Japanese artificial intelligence company Sakana AI recently launched Transformer², an innovative approach designed to help language models adapt more efficiently to various tasks. Unlike existing AI systems, Transformer² addresses the limitations language models often face when encountering new tasks through a two-stage learning process, marking progress in the field of continual learning technologies.
Current AI systems typically require handling multiple tasks in a single training session; however, they often encounter unexpected challenges when faced with new tasks, limiting the model's adaptability. The design philosophy of Transformer² directly targets this issue by employing expert vectors and Singular Value Fine-tuning (SVF) technology, enabling the model to flexibly respond to new tasks without the need to retrain the entire network.
Transformer² adopts a different training approach compared to traditional methods. Traditional training methods require adjusting the weights of the entire neural network, which is not only costly but can also lead to the model "forgetting" previously learned knowledge. In contrast, SVF technology avoids these issues by learning expert vectors that control the importance of each network connection. Expert vectors adjust the weight matrix of network connections, helping the model focus on specific tasks such as mathematical calculations, programming, and logical reasoning.

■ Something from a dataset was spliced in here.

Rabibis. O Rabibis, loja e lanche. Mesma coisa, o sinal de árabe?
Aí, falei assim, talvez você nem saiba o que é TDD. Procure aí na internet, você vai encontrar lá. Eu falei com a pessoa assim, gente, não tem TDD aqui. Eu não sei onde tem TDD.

This method significantly reduces the number of parameters needed for the model to adapt to new tasks. For example, the LoRA method requires 6.82 million parameters, while SVF only needs 160,000 parameters. This not only reduces memory and processing power consumption but also prevents the model from forgetting other knowledge when focusing on a specific task. Most importantly, these expert vectors can work effectively together, enhancing the model's adaptability to diverse tasks.
To further improve adaptability, Transformer² introduces reinforcement learning. During training, the model continuously optimizes the expert vectors by proposing task solutions and receiving feedback, thereby improving its performance on new tasks. The team developed three strategies to utilize this expert knowledge: adaptive prompting, task classification, and few-shot adaptation. Notably, the few-shot adaptation strategy enhances the model's flexibility and accuracy by analyzing examples of new tasks and adjusting the expert vectors.
In multiple benchmark tests, Transformer² outperformed traditional methods like LoRA. It achieved a 16% improvement in performance on mathematical tasks while significantly reducing the required parameters. When facing entirely new tasks, Transformer²'s accuracy was 4% higher than the original model, whereas LoRA failed to achieve the expected results.
Transformer² not only solves complex mathematical problems but also combines programming and logical reasoning abilities, facilitating cross-domain knowledge sharing. For instance, the team found that smaller models could enhance their performance by transferring expert vectors, leveraging the knowledge of larger models, which opens new possibilities for knowledge sharing among models.
Despite the significant advancements in task adaptability with Transformer², it still faces some limitations. Currently, expert vectors trained using SVF can only rely on the capabilities already present in pre-trained models and cannot incorporate entirely new skills. True continual learning means that a model can autonomously learn new skills, and this goal still requires time to achieve. How to scale this technology within large models exceeding 70 billion parameters remains an unresolved issue.